Avoid downtime while DNS changes propagate with Linux

Your business grow, you need more power, you want to change your hosting provider - there can be a lot of reasons to move production applications from one server to another. If there is no simple way to scale an application, plus you need to update DNS entries, there may be a downtime while these DNS changes propagate. Perhaps, some proxy servers, Google, Microsoft or whoever disrespect your shortened DNS TTL? I’ll combine some nice and uncommon Linux networking features to completely avoid that downtime.

Scenario and Prerequisites

Assume that your application runs on server old inside a Docker container, listening on ports 587 and 25 for incoming TCP connections. It should move to server new.

There is an important prerequisite: Both servers need to be connected to each other via Layer 2 (Data Link Layer). If you have two arbitrary servers that are not part of the same network, you will need a VPN. With OpenVPN, choose device tap for a Layer 2 connection. The following table summarises all assumptions in this example.

Property	Old Server	New Server
Hostname	old	new
VPN device ip	10.31.104.1	10.31.104.2
VPN device name	tun0	tun0
Application ports	TCP 587 and 25	TCP 587 and 25
Docker bridge network	172.18.0.0/16	172.19.0.0/16

In our scenario, we setup traffic forwarding from new to old first. The application will receive correct source ips, even if connections are routed through new. If you do simple proxying, all pass-through connections will have new’s ip as it’s source ip. The second step is to update the DNS entries to point to new and to wait until all clients connect to your application through new. Finally, we schedule a downtime and actually move the application from old to new.

Setup new server

First, new gets a simple and common NAT setup:

# Add DNAT rule to route traffic to old
iptables -t nat -A PREROUTING -p tcp -m multiport --dports 587,25 -j DNAT \
  --to-destination 10.31.104.1

# Add MASQUERADE rule for traffic coming from old's Docker
iptables -t nat -A POSTROUTING -s 172.18.0.0/16 -o eth0 -j MASQUERADE

# Enable routing
sysctl -w sysctl net.ipv4.ip_forward=1

Setup old server

Now, packets will arrive at new, but any replies back to the sender will just route through old’s public network interface instead of going back through new. Therefore, the sender will likely reject these reply packets, because he sent packets to new, and does not expect to receive replies from old. We cannot set new as a default gateway for old, this would cause a similiar problem, the other way round, for packets arriving at old.

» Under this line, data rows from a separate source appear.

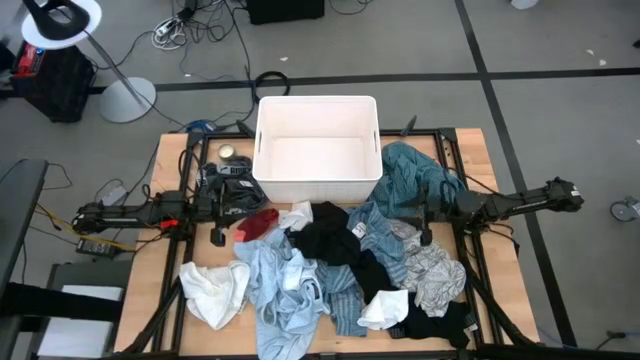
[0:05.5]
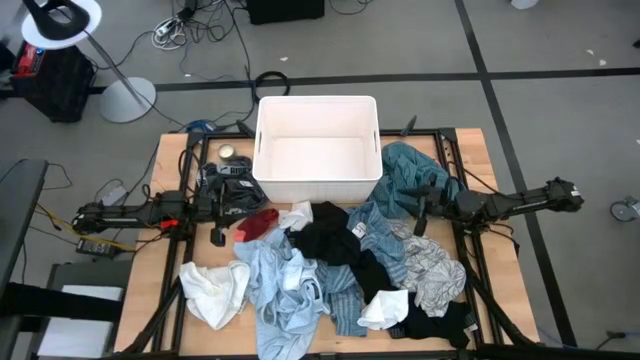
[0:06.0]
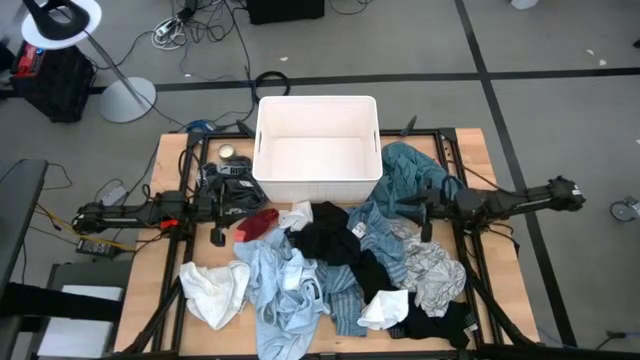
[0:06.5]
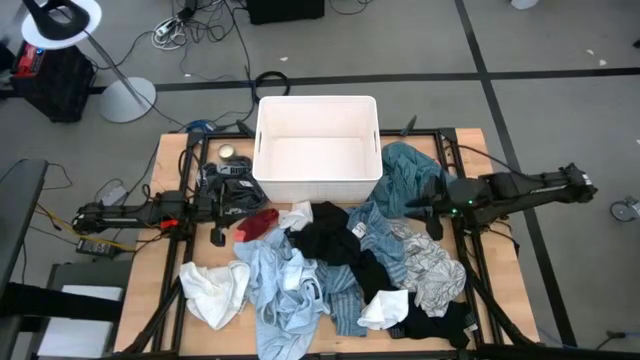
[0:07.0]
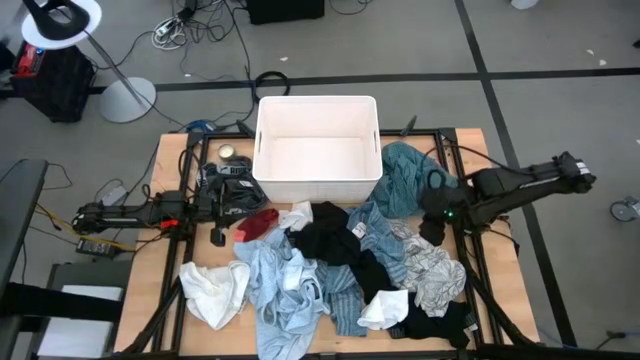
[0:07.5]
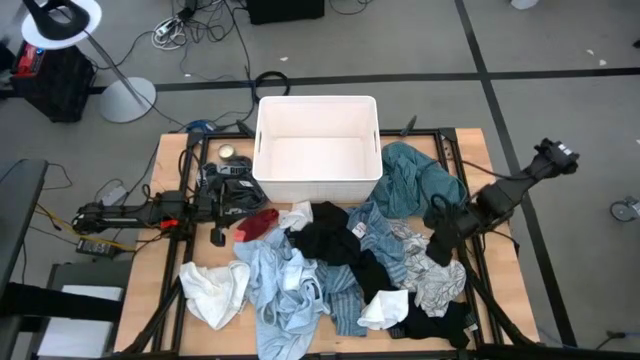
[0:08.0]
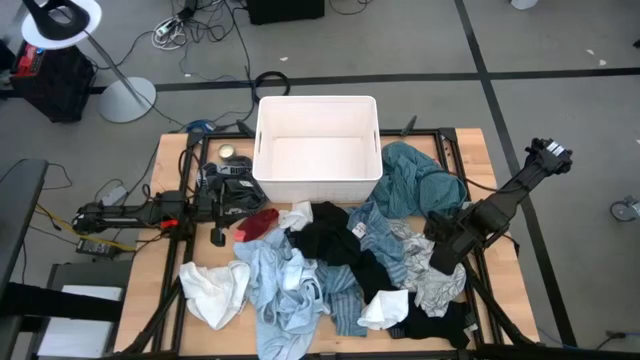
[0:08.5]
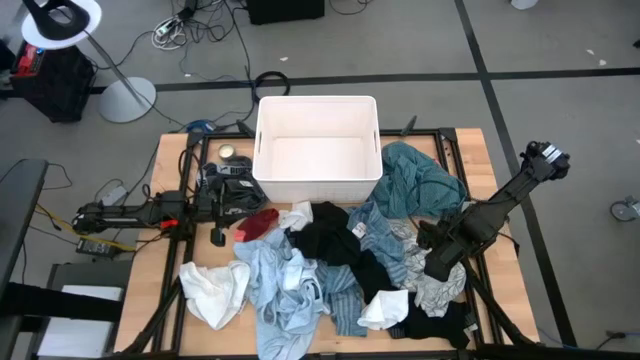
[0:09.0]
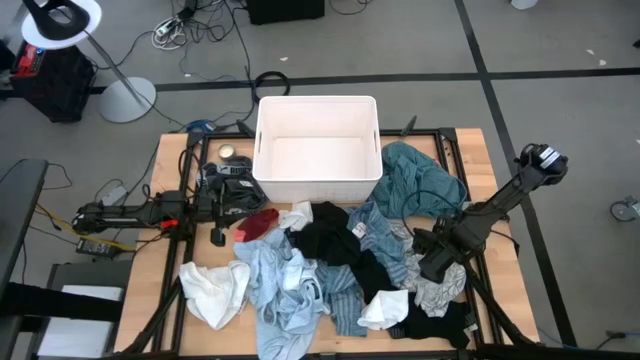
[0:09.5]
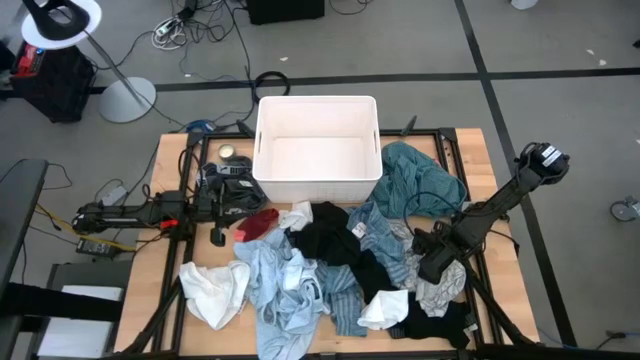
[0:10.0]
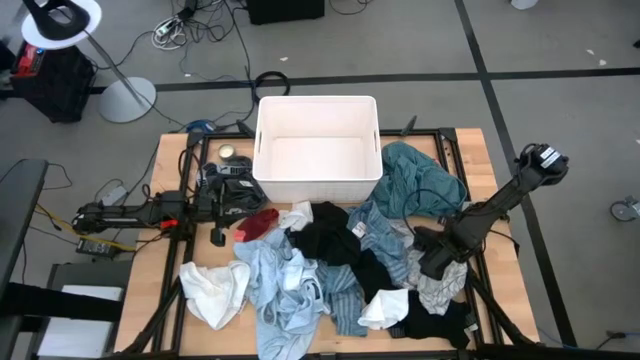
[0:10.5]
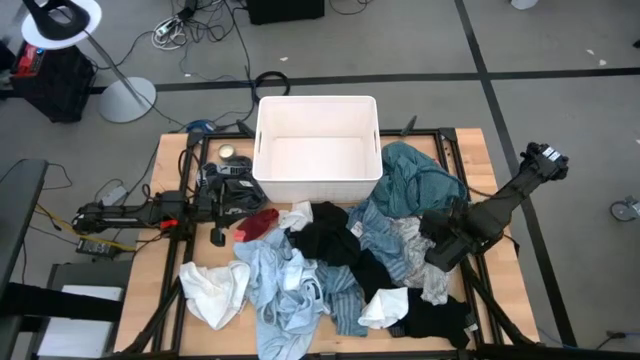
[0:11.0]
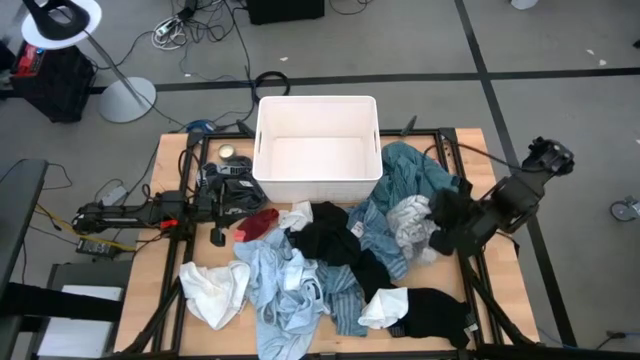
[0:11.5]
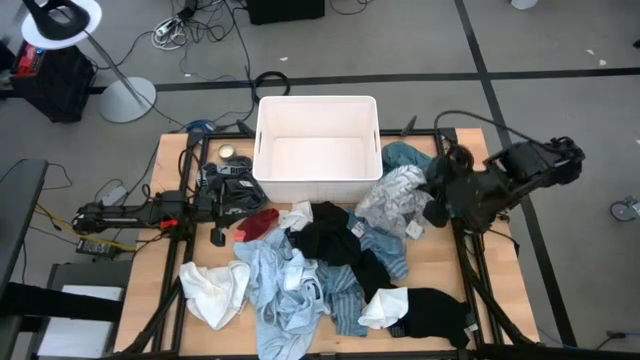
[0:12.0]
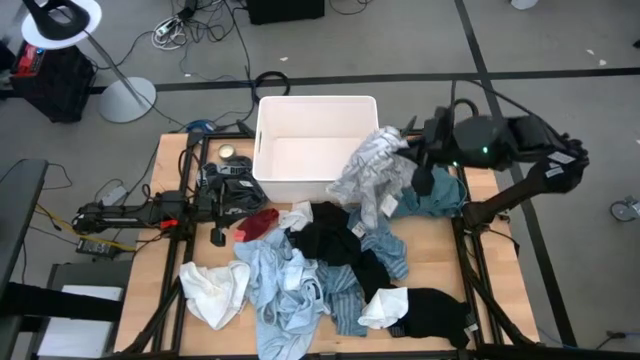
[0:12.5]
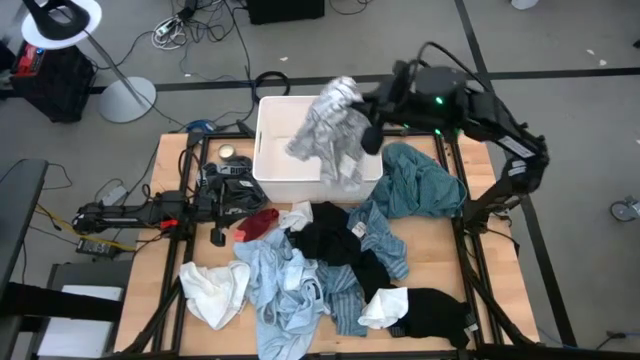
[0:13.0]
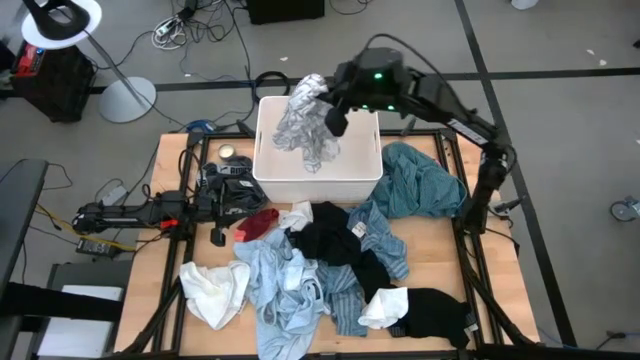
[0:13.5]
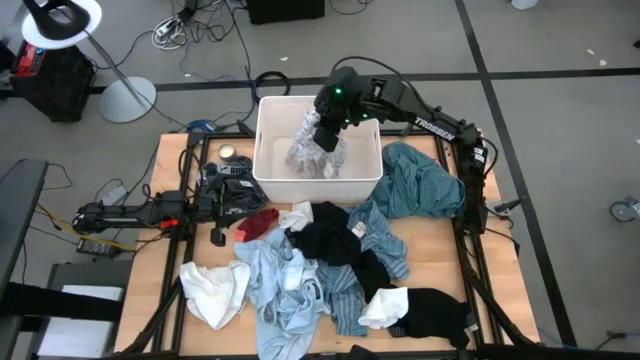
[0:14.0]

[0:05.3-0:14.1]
Task: Sort clothes
Put the white pajama pants into the laundry bin

We’re going to use connection marking and multiple routing tables to solve this situation and route all packets correctly on new. By the way: If you run a system with two public network interfaces, you’ll need a similar solution.

The two following rule marks each connection coming from new upon establishing with mark 2:

iptables -t mangle -A PREROUTING -i tap0 -p tcp -m state --state NEW \
  -j CONNMARK --set-mark 2

The next one looks up and restores the connection mark, if present, for each packet that comes from any other interface (you may narrow this rule down further):

iptables -t mangle -A PREROUTING ! -i tap0 -p tcp -m state \
  --state RELATED,ESTABLISHED -j CONNMARK --restore-mark

You can read more about the CONNMARK target here and here.

Now, we setup a second routing table. All packets being marked with 2 should be routed using this second table instead of old’s default table.

# Setup routing table 2
ip route add default via 10.31.104.2 dev tap0 table 2
ip route add 10.31.104.0/24 dev tap0 table 2

# Use table 2 to route packets marked with '2'
ip rule add fwmark 2 table 2

Finally, we have to turn off Reverse Path Filtering. Basically, Reverse Path Filtering does the following: If the reply to a packet wouldn’t go out the interface the packet came in, then it is considered as a bogus packet and should be ignored (taken from The Linux Documentation Project where you can find more information as well).

sysctl -w sysctl net.ipv4.conf.all.rp_filter=0
sysctl -w sysctl net.ipv4.conf.tap0.rp_filter=0

Now, all incoming traffic routes as expected. If you want to route outgoing traffic from your Docker container through new, too, here are two more rules for old to achieve that:

iptables -t mangle -A PREROUTING -s 172.18.0.14/32 -p tcp -m state --state NEW \
  -j CONNMARK --set-mark 2
iptables -t mangle -A PREROUTING -s 172.18.0.14/32 -p tcp -m state --state NEW \
  -j MARK --set-mark 2

We need both CONNMARK and MARK here: CONNMARK marks the connection internally as we have done it before. MARK marks the packet itself, similar to the –restore-mark flag above.

Note that the particular ip of the Docker container is part of these two rules. That’s because you probably don’t want that all outgoing Docker container traffic to be routed through new. On the other hand, a Docker setup with fixed container ips is required.

I hope that these steps are a good preparation before your application actually moves from one server to another. By setting up the tunnel from the new to the old server, you can perform required DNS changes in advance.